Exercise prompt:
In the records below, find the line that contains "#13649 = AXIS2_PLACEMENT_3D" and the line that contains "#25475 = CARTESIAN_POINT", then retype exactly those two lines and every line between them.

(Extracted records Opens)

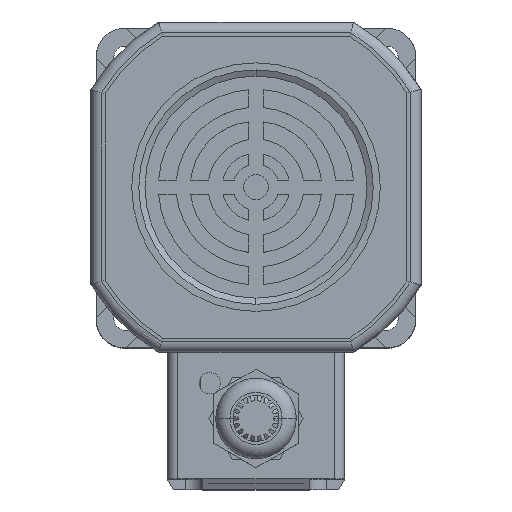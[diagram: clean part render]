
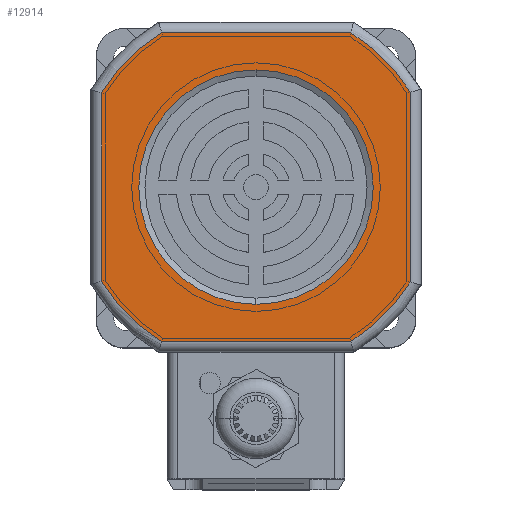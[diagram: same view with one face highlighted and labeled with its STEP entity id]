
A CAD part, top view. The second image highlights one B-rep face of the part: STEP entity #12914.
In plain terms, the highlighted face is planar.
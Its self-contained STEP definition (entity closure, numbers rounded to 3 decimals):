
#868 = CARTESIAN_POINT ( 'NONE',  ( 0., 0., 33. ) ) ;
#1049 = DIRECTION ( 'NONE',  ( 0., 0., 1. ) ) ;
#2008 = CARTESIAN_POINT ( 'NONE',  ( -43.5, 0., 26.54 ) ) ;
#2069 = DIRECTION ( 'NONE',  ( 0., 1., 0. ) ) ;
#2076 = EDGE_LOOP ( 'NONE', ( #11423, #8341, #11849, #20766, #4520, #9969, #6454, #27392 ) ) ;
#2078 = FACE_OUTER_BOUND ( 'NONE', #2076, .T. ) ;
#2133 = CIRCLE ( 'NONE', #25957, 51. ) ;
#2185 = LINE ( 'NONE', #20984, #5220 ) ;
#3368 = CARTESIAN_POINT ( 'NONE',  ( 0., 0., 0. ) ) ;
#3696 = VERTEX_POINT ( 'NONE', #11935 ) ;
#4520 = ORIENTED_EDGE ( 'NONE', *, *, #18777, .T. ) ;
#4608 = VERTEX_POINT ( 'NONE', #20714 ) ;
#5220 = VECTOR ( 'NONE', #16437, 1000. ) ;
#5531 = DIRECTION ( 'NONE',  ( 0., 0., -1. ) ) ;
#6308 = PLANE ( 'NONE',  #13649 ) ;
#6454 = ORIENTED_EDGE ( 'NONE', *, *, #27467, .T. ) ;
#7224 = DIRECTION ( 'NONE',  ( 0., -1., 0. ) ) ;
#7281 = DIRECTION ( 'NONE',  ( -1., 0., 0. ) ) ;
#7316 = EDGE_CURVE ( 'NONE', #8149, #26252, #8935, .T. ) ;
#7927 = DIRECTION ( 'NONE',  ( 0., -1., 0. ) ) ;
#8149 = VERTEX_POINT ( 'NONE', #17902 ) ;
#8190 = EDGE_CURVE ( 'NONE', #4608, #24287, #25333, .T. ) ;
#8341 = ORIENTED_EDGE ( 'NONE', *, *, #7316, .T. ) ;
#8398 = EDGE_CURVE ( 'NONE', #27517, #25521, #21178, .T. ) ;
#8510 = LINE ( 'NONE', #22562, #25989 ) ;
#8935 = CIRCLE ( 'NONE', #12758, 51. ) ;
#9969 = ORIENTED_EDGE ( 'NONE', *, *, #8190, .T. ) ;
#10120 = DIRECTION ( 'NONE',  ( 0., -1., 0. ) ) ;
#11423 = ORIENTED_EDGE ( 'NONE', *, *, #22284, .T. ) ;
#11525 = AXIS2_PLACEMENT_3D ( 'NONE', #27155, #14012, #1049 ) ;
#11653 = CARTESIAN_POINT ( 'NONE',  ( 0., 0., -33. ) ) ;
#11849 = ORIENTED_EDGE ( 'NONE', *, *, #21063, .T. ) ;
#11935 = CARTESIAN_POINT ( 'NONE',  ( 26.673, 0., -43.5 ) ) ;
#12303 = DIRECTION ( 'NONE',  ( 0., -1., 0. ) ) ;
#12385 = CARTESIAN_POINT ( 'NONE',  ( -26.572, 0., -43.5 ) ) ;
#12758 = AXIS2_PLACEMENT_3D ( 'NONE', #20995, #7927, #23240 ) ;
#12914 = ADVANCED_FACE ( 'NONE', ( #2078, #24584 ), #6308, .F. ) ;
#12963 = CARTESIAN_POINT ( 'NONE',  ( -26.572, 0., 43.5 ) ) ;
#13649 = AXIS2_PLACEMENT_3D ( 'NONE', #25996, #2069, #17268 ) ;
#14012 = DIRECTION ( 'NONE',  ( 0., -1., 0. ) ) ;
#14651 = CARTESIAN_POINT ( 'NONE',  ( -43.5, 0., 0. ) ) ;
#14846 = CARTESIAN_POINT ( 'NONE',  ( 0.05, 0., -43.5 ) ) ;
#16091 = VECTOR ( 'NONE', #25588, 1000. ) ;
#16437 = DIRECTION ( 'NONE',  ( 0., 0., 1. ) ) ;
#16595 = CARTESIAN_POINT ( 'NONE',  ( 43.5, 0., -26.705 ) ) ;
#16872 = AXIS2_PLACEMENT_3D ( 'NONE', #23270, #10120, #25472 ) ;
#16984 = DIRECTION ( 'NONE',  ( 1., 0., 0. ) ) ;
#17268 = DIRECTION ( 'NONE',  ( 0., 0., 1. ) ) ;
#17902 = CARTESIAN_POINT ( 'NONE',  ( -43.5, 0., -26.54 ) ) ;
#18569 = DIRECTION ( 'NONE',  ( 0., -1., 0. ) ) ;
#18777 = EDGE_CURVE ( 'NONE', #22219, #4608, #2185, .T. ) ;
#19205 = CARTESIAN_POINT ( 'NONE',  ( 26.673, 0., 43.5 ) ) ;
#20258 = CARTESIAN_POINT ( 'NONE',  ( 0.05, 0., 0. ) ) ;
#20261 = EDGE_LOOP ( 'NONE', ( #26571, #24560 ) ) ;
#20714 = CARTESIAN_POINT ( 'NONE',  ( 43.5, 0., 26.705 ) ) ;
#20766 = ORIENTED_EDGE ( 'NONE', *, *, #27540, .T. ) ;
#20984 = CARTESIAN_POINT ( 'NONE',  ( 43.5, 0., 0. ) ) ;
#20995 = CARTESIAN_POINT ( 'NONE',  ( 0.05, 0., 0. ) ) ;
#21063 = EDGE_CURVE ( 'NONE', #26252, #3696, #27053, .T. ) ;
#21178 = CIRCLE ( 'NONE', #16872, 33. ) ;
#21807 = AXIS2_PLACEMENT_3D ( 'NONE', #20258, #7224, #22501 ) ;
#22219 = VERTEX_POINT ( 'NONE', #16595 ) ;
#22284 = EDGE_CURVE ( 'NONE', #24733, #8149, #22580, .T. ) ;
#22501 = DIRECTION ( 'NONE',  ( 0., 0., 1. ) ) ;
#22562 = CARTESIAN_POINT ( 'NONE',  ( 0.05, 0., 43.5 ) ) ;
#22580 = LINE ( 'NONE', #14651, #16091 ) ;
#22715 = EDGE_CURVE ( 'NONE', #24782, #24733, #2133, .T. ) ;
#23125 = CIRCLE ( 'NONE', #24363, 33. ) ;
#23240 = DIRECTION ( 'NONE',  ( 0., 0., 1. ) ) ;
#23270 = CARTESIAN_POINT ( 'NONE',  ( 0., 0., 0. ) ) ;
#24287 = VERTEX_POINT ( 'NONE', #19205 ) ;
#24363 = AXIS2_PLACEMENT_3D ( 'NONE', #3368, #18569, #5531 ) ;
#24560 = ORIENTED_EDGE ( 'NONE', *, *, #8398, .F. ) ;
#24584 = FACE_BOUND ( 'NONE', #20261, .T. ) ;
#24608 = CIRCLE ( 'NONE', #11525, 51. ) ;
#24733 = VERTEX_POINT ( 'NONE', #2008 ) ;
#24782 = VERTEX_POINT ( 'NONE', #12963 ) ;
#25333 = CIRCLE ( 'NONE', #21807, 51. ) ;
#25472 = DIRECTION ( 'NONE',  ( 0., 0., -1. ) ) ;
#25475 = CARTESIAN_POINT ( 'NONE',  ( 0.05, 0., 0. ) ) ;
#25521 = VERTEX_POINT ( 'NONE', #11653 ) ;
#25588 = DIRECTION ( 'NONE',  ( 0., 0., -1. ) ) ;
#25594 = EDGE_CURVE ( 'NONE', #25521, #27517, #23125, .T. ) ;
#25957 = AXIS2_PLACEMENT_3D ( 'NONE', #25475, #12303, #27665 ) ;
#25989 = VECTOR ( 'NONE', #7281, 1000. ) ;
#25996 = CARTESIAN_POINT ( 'NONE',  ( 0.05, 0., 0. ) ) ;
#26252 = VERTEX_POINT ( 'NONE', #12385 ) ;
#26571 = ORIENTED_EDGE ( 'NONE', *, *, #25594, .F. ) ;
#27053 = LINE ( 'NONE', #14846, #27753 ) ;
#27155 = CARTESIAN_POINT ( 'NONE',  ( 0.05, 0., 0. ) ) ;
#27392 = ORIENTED_EDGE ( 'NONE', *, *, #22715, .T. ) ;
#27467 = EDGE_CURVE ( 'NONE', #24287, #24782, #8510, .T. ) ;
#27517 = VERTEX_POINT ( 'NONE', #868 ) ;
#27540 = EDGE_CURVE ( 'NONE', #3696, #22219, #24608, .T. ) ;
#27665 = DIRECTION ( 'NONE',  ( 0., 0., 1. ) ) ;
#27753 = VECTOR ( 'NONE', #16984, 1000. ) ;

(Extracted records Closes)

Answer area:
#13649 = AXIS2_PLACEMENT_3D ( 'NONE', #25996, #2069, #17268 ) ;
#14012 = DIRECTION ( 'NONE',  ( 0., -1., 0. ) ) ;
#14651 = CARTESIAN_POINT ( 'NONE',  ( -43.5, 0., 0. ) ) ;
#14846 = CARTESIAN_POINT ( 'NONE',  ( 0.05, 0., -43.5 ) ) ;
#16091 = VECTOR ( 'NONE', #25588, 1000. ) ;
#16437 = DIRECTION ( 'NONE',  ( 0., 0., 1. ) ) ;
#16595 = CARTESIAN_POINT ( 'NONE',  ( 43.5, 0., -26.705 ) ) ;
#16872 = AXIS2_PLACEMENT_3D ( 'NONE', #23270, #10120, #25472 ) ;
#16984 = DIRECTION ( 'NONE',  ( 1., 0., 0. ) ) ;
#17268 = DIRECTION ( 'NONE',  ( 0., 0., 1. ) ) ;
#17902 = CARTESIAN_POINT ( 'NONE',  ( -43.5, 0., -26.54 ) ) ;
#18569 = DIRECTION ( 'NONE',  ( 0., -1., 0. ) ) ;
#18777 = EDGE_CURVE ( 'NONE', #22219, #4608, #2185, .T. ) ;
#19205 = CARTESIAN_POINT ( 'NONE',  ( 26.673, 0., 43.5 ) ) ;
#20258 = CARTESIAN_POINT ( 'NONE',  ( 0.05, 0., 0. ) ) ;
#20261 = EDGE_LOOP ( 'NONE', ( #26571, #24560 ) ) ;
#20714 = CARTESIAN_POINT ( 'NONE',  ( 43.5, 0., 26.705 ) ) ;
#20766 = ORIENTED_EDGE ( 'NONE', *, *, #27540, .T. ) ;
#20984 = CARTESIAN_POINT ( 'NONE',  ( 43.5, 0., 0. ) ) ;
#20995 = CARTESIAN_POINT ( 'NONE',  ( 0.05, 0., 0. ) ) ;
#21063 = EDGE_CURVE ( 'NONE', #26252, #3696, #27053, .T. ) ;
#21178 = CIRCLE ( 'NONE', #16872, 33. ) ;
#21807 = AXIS2_PLACEMENT_3D ( 'NONE', #20258, #7224, #22501 ) ;
#22219 = VERTEX_POINT ( 'NONE', #16595 ) ;
#22284 = EDGE_CURVE ( 'NONE', #24733, #8149, #22580, .T. ) ;
#22501 = DIRECTION ( 'NONE',  ( 0., 0., 1. ) ) ;
#22562 = CARTESIAN_POINT ( 'NONE',  ( 0.05, 0., 43.5 ) ) ;
#22580 = LINE ( 'NONE', #14651, #16091 ) ;
#22715 = EDGE_CURVE ( 'NONE', #24782, #24733, #2133, .T. ) ;
#23125 = CIRCLE ( 'NONE', #24363, 33. ) ;
#23240 = DIRECTION ( 'NONE',  ( 0., 0., 1. ) ) ;
#23270 = CARTESIAN_POINT ( 'NONE',  ( 0., 0., 0. ) ) ;
#24287 = VERTEX_POINT ( 'NONE', #19205 ) ;
#24363 = AXIS2_PLACEMENT_3D ( 'NONE', #3368, #18569, #5531 ) ;
#24560 = ORIENTED_EDGE ( 'NONE', *, *, #8398, .F. ) ;
#24584 = FACE_BOUND ( 'NONE', #20261, .T. ) ;
#24608 = CIRCLE ( 'NONE', #11525, 51. ) ;
#24733 = VERTEX_POINT ( 'NONE', #2008 ) ;
#24782 = VERTEX_POINT ( 'NONE', #12963 ) ;
#25333 = CIRCLE ( 'NONE', #21807, 51. ) ;
#25472 = DIRECTION ( 'NONE',  ( 0., 0., -1. ) ) ;
#25475 = CARTESIAN_POINT ( 'NONE',  ( 0.05, 0., 0. ) ) ;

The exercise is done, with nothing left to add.